**Problem to work on**. What follows is a set of records; repeat them exactly, without the pictures.

* * * *

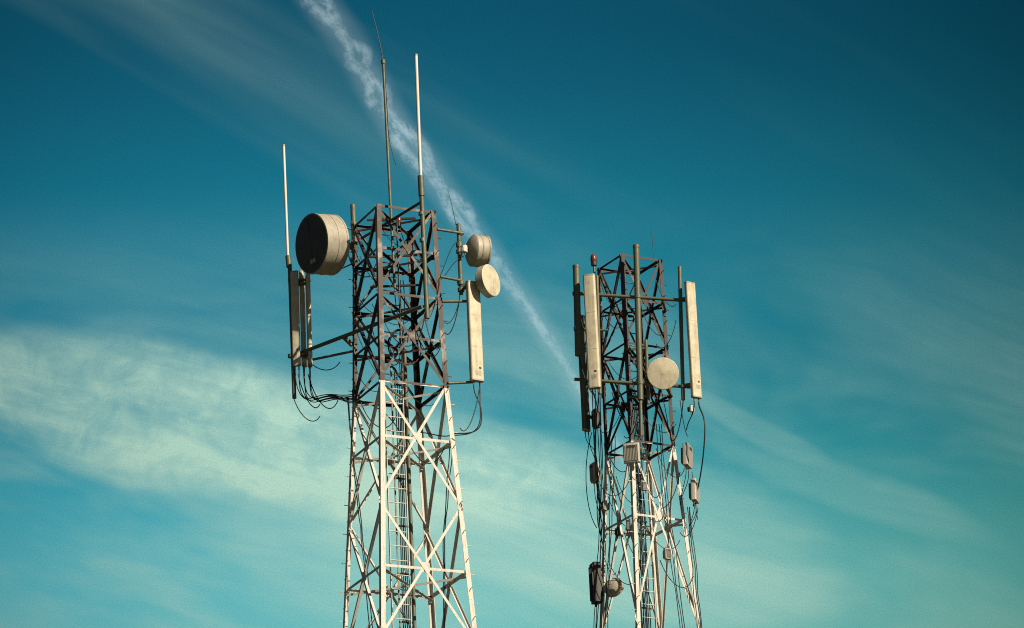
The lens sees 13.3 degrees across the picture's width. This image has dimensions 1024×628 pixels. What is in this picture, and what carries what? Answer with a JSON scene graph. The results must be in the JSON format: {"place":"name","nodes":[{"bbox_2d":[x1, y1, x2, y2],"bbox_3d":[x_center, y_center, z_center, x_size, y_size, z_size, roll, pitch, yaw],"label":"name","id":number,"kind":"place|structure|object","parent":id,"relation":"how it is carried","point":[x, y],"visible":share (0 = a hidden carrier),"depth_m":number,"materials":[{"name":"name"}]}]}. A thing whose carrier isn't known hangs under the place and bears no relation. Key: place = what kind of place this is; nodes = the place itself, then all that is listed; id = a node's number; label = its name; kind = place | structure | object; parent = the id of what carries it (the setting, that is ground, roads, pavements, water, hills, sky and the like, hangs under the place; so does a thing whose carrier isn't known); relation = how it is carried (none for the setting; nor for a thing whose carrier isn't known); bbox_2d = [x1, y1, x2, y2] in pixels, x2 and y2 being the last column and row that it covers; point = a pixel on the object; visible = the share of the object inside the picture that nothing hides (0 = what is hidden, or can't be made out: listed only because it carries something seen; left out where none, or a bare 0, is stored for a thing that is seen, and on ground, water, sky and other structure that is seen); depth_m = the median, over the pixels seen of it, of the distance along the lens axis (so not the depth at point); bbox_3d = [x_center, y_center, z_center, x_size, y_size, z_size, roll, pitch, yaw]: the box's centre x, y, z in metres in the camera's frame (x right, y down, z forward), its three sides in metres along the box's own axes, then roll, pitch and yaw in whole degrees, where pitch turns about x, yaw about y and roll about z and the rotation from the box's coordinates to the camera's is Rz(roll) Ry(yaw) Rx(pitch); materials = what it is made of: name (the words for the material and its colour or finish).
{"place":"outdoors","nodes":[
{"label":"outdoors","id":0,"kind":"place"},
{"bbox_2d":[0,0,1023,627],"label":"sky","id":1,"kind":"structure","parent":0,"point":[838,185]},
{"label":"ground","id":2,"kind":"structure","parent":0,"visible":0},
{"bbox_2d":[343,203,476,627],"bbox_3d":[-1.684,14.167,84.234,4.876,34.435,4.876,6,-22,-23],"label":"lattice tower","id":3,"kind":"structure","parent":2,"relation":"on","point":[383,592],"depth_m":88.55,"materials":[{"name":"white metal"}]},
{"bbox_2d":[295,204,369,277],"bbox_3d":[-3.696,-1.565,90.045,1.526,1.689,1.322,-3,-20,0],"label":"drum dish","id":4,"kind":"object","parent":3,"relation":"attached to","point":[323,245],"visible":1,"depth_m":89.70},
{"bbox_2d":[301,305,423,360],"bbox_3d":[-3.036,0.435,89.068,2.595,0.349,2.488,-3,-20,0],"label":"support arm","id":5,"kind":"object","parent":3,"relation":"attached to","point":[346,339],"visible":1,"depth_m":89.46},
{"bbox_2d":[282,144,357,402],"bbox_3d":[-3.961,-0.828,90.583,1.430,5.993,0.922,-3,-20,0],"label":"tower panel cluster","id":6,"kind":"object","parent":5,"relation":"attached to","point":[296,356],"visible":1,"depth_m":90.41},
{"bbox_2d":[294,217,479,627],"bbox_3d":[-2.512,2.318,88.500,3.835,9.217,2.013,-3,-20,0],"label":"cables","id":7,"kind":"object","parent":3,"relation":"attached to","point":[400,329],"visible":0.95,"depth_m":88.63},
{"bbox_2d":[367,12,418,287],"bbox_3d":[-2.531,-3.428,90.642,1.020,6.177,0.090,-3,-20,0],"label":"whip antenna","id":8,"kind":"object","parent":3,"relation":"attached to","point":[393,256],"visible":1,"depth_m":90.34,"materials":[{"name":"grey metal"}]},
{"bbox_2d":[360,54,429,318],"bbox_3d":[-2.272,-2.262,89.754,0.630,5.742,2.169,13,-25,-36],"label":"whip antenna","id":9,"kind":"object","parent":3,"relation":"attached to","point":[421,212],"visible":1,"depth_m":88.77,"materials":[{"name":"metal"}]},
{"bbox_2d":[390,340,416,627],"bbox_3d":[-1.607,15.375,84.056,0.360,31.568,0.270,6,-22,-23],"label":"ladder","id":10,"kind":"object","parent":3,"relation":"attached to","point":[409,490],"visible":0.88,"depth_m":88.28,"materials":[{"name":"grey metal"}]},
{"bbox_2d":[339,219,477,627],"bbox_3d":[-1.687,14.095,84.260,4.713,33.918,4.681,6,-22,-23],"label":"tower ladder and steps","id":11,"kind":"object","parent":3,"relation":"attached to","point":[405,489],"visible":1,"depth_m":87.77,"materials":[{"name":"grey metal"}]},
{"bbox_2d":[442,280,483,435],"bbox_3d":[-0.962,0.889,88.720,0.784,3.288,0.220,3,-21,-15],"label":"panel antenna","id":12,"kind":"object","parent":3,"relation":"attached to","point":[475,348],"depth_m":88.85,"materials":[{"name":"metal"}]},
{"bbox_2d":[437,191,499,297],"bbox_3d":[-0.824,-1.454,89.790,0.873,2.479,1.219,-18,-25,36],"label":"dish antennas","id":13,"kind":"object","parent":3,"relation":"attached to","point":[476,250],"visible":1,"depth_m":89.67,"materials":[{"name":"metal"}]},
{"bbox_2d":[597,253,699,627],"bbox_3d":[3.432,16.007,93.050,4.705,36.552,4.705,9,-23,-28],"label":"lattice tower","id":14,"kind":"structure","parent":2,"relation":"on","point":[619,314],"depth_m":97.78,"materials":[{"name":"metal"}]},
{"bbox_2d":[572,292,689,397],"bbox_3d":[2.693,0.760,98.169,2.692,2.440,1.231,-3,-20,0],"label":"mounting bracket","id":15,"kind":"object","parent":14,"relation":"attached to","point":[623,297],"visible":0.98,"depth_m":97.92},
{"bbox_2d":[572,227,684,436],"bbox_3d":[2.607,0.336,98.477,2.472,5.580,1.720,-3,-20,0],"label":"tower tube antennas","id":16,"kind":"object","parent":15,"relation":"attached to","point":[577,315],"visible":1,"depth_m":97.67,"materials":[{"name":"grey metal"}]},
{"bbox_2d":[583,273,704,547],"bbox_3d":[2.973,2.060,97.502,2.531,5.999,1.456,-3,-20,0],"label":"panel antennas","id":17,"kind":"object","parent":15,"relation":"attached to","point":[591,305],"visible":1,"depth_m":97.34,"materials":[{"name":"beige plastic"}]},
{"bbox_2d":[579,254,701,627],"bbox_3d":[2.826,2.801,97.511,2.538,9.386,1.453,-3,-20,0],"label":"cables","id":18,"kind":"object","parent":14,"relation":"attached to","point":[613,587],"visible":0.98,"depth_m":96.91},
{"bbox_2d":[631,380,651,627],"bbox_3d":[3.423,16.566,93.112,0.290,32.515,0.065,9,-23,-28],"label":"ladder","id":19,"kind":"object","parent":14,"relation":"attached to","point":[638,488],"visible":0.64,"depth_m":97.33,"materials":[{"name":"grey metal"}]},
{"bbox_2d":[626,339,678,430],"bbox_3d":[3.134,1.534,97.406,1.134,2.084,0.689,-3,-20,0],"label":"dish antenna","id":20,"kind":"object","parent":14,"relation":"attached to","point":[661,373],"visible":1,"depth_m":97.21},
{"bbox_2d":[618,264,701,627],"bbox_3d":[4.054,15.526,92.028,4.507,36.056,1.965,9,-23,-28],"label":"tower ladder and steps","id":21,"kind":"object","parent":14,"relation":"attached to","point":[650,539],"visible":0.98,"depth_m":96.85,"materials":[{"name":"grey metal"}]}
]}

* * * *

**Solution to the exercise**.
The lens sees 13.3 degrees across the picture's width. This image has dimensions 1024×628 pixels. What is in this picture, and what carries what? Answer with a JSON scene graph. The results must be in the JSON format: {"place":"name","nodes":[{"bbox_2d":[x1, y1, x2, y2],"bbox_3d":[x_center, y_center, z_center, x_size, y_size, z_size, roll, pitch, yaw],"label":"name","id":number,"kind":"place|structure|object","parent":id,"relation":"how it is carried","point":[x, y],"visible":share (0 = a hidden carrier),"depth_m":number,"materials":[{"name":"name"}]}]}. A thing whose carrier isn't known hangs under the place and bears no relation. Key: place = what kind of place this is; nodes = the place itself, then all that is listed; id = a node's number; label = its name; kind = place | structure | object; parent = the id of what carries it (the setting, that is ground, roads, pavements, water, hills, sky and the like, hangs under the place; so does a thing whose carrier isn't known); relation = how it is carried (none for the setting; nor for a thing whose carrier isn't known); bbox_2d = [x1, y1, x2, y2] in pixels, x2 and y2 being the last column and row that it covers; point = a pixel on the object; visible = the share of the object inside the picture that nothing hides (0 = what is hidden, or can't be made out: listed only because it carries something seen; left out where none, or a bare 0, is stored for a thing that is seen, and on ground, water, sky and other structure that is seen); depth_m = the median, over the pixels seen of it, of the distance along the lens axis (so not the depth at point); bbox_3d = [x_center, y_center, z_center, x_size, y_size, z_size, roll, pitch, yaw]: the box's centre x, y, z in metres in the camera's frame (x right, y down, z forward), its three sides in metres along the box's own axes, then roll, pitch and yaw in whole degrees, where pitch turns about x, yaw about y and roll about z and the rotation from the box's coordinates to the camera's is Rz(roll) Ry(yaw) Rx(pitch); materials = what it is made of: name (the words for the material and its colour or finish).
{"place":"outdoors","nodes":[
{"label":"outdoors","id":0,"kind":"place"},
{"bbox_2d":[0,0,1023,627],"label":"sky","id":1,"kind":"structure","parent":0,"point":[838,185]},
{"label":"ground","id":2,"kind":"structure","parent":0,"visible":0},
{"bbox_2d":[343,203,476,627],"bbox_3d":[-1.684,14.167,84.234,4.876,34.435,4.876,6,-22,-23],"label":"lattice tower","id":3,"kind":"structure","parent":2,"relation":"on","point":[383,592],"depth_m":88.55,"materials":[{"name":"white metal"}]},
{"bbox_2d":[295,204,369,277],"bbox_3d":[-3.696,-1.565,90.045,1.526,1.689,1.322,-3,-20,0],"label":"drum dish","id":4,"kind":"object","parent":3,"relation":"attached to","point":[323,245],"visible":1,"depth_m":89.70},
{"bbox_2d":[301,305,423,360],"bbox_3d":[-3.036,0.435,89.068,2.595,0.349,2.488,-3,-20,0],"label":"support arm","id":5,"kind":"object","parent":3,"relation":"attached to","point":[346,339],"visible":1,"depth_m":89.46},
{"bbox_2d":[282,144,357,402],"bbox_3d":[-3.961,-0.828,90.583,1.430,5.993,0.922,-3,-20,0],"label":"tower panel cluster","id":6,"kind":"object","parent":5,"relation":"attached to","point":[296,356],"visible":1,"depth_m":90.41},
{"bbox_2d":[294,217,479,627],"bbox_3d":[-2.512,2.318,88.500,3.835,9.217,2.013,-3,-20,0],"label":"cables","id":7,"kind":"object","parent":3,"relation":"attached to","point":[400,329],"visible":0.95,"depth_m":88.63},
{"bbox_2d":[367,12,418,287],"bbox_3d":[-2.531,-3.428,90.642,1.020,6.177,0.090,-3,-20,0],"label":"whip antenna","id":8,"kind":"object","parent":3,"relation":"attached to","point":[393,256],"visible":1,"depth_m":90.34,"materials":[{"name":"grey metal"}]},
{"bbox_2d":[360,54,429,318],"bbox_3d":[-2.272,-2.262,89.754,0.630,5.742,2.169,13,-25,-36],"label":"whip antenna","id":9,"kind":"object","parent":3,"relation":"attached to","point":[421,212],"visible":1,"depth_m":88.77,"materials":[{"name":"metal"}]},
{"bbox_2d":[390,340,416,627],"bbox_3d":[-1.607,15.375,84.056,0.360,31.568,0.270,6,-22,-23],"label":"ladder","id":10,"kind":"object","parent":3,"relation":"attached to","point":[409,490],"visible":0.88,"depth_m":88.28,"materials":[{"name":"grey metal"}]},
{"bbox_2d":[339,219,477,627],"bbox_3d":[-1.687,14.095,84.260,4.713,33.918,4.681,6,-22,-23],"label":"tower ladder and steps","id":11,"kind":"object","parent":3,"relation":"attached to","point":[405,489],"visible":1,"depth_m":87.77,"materials":[{"name":"grey metal"}]},
{"bbox_2d":[442,280,483,435],"bbox_3d":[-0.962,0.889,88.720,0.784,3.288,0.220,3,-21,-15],"label":"panel antenna","id":12,"kind":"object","parent":3,"relation":"attached to","point":[475,348],"depth_m":88.85,"materials":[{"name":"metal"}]},
{"bbox_2d":[437,191,499,297],"bbox_3d":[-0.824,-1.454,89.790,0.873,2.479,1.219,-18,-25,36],"label":"dish antennas","id":13,"kind":"object","parent":3,"relation":"attached to","point":[476,250],"visible":1,"depth_m":89.67,"materials":[{"name":"metal"}]},
{"bbox_2d":[597,253,699,627],"bbox_3d":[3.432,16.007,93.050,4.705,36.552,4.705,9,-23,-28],"label":"lattice tower","id":14,"kind":"structure","parent":2,"relation":"on","point":[619,314],"depth_m":97.78,"materials":[{"name":"metal"}]},
{"bbox_2d":[572,292,689,397],"bbox_3d":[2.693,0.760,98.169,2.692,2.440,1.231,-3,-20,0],"label":"mounting bracket","id":15,"kind":"object","parent":14,"relation":"attached to","point":[623,297],"visible":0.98,"depth_m":97.92},
{"bbox_2d":[572,227,684,436],"bbox_3d":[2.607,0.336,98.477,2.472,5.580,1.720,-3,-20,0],"label":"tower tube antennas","id":16,"kind":"object","parent":15,"relation":"attached to","point":[577,315],"visible":1,"depth_m":97.67,"materials":[{"name":"grey metal"}]},
{"bbox_2d":[583,273,704,547],"bbox_3d":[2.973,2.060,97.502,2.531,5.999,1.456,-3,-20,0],"label":"panel antennas","id":17,"kind":"object","parent":15,"relation":"attached to","point":[591,305],"visible":1,"depth_m":97.34,"materials":[{"name":"beige plastic"}]},
{"bbox_2d":[579,254,701,627],"bbox_3d":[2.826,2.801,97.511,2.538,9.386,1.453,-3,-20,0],"label":"cables","id":18,"kind":"object","parent":14,"relation":"attached to","point":[613,587],"visible":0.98,"depth_m":96.91},
{"bbox_2d":[631,380,651,627],"bbox_3d":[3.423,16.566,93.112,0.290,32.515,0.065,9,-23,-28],"label":"ladder","id":19,"kind":"object","parent":14,"relation":"attached to","point":[638,488],"visible":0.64,"depth_m":97.33,"materials":[{"name":"grey metal"}]},
{"bbox_2d":[626,339,678,430],"bbox_3d":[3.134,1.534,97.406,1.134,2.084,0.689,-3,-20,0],"label":"dish antenna","id":20,"kind":"object","parent":14,"relation":"attached to","point":[661,373],"visible":1,"depth_m":97.21},
{"bbox_2d":[618,264,701,627],"bbox_3d":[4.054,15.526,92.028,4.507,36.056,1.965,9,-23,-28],"label":"tower ladder and steps","id":21,"kind":"object","parent":14,"relation":"attached to","point":[650,539],"visible":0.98,"depth_m":96.85,"materials":[{"name":"grey metal"}]}
]}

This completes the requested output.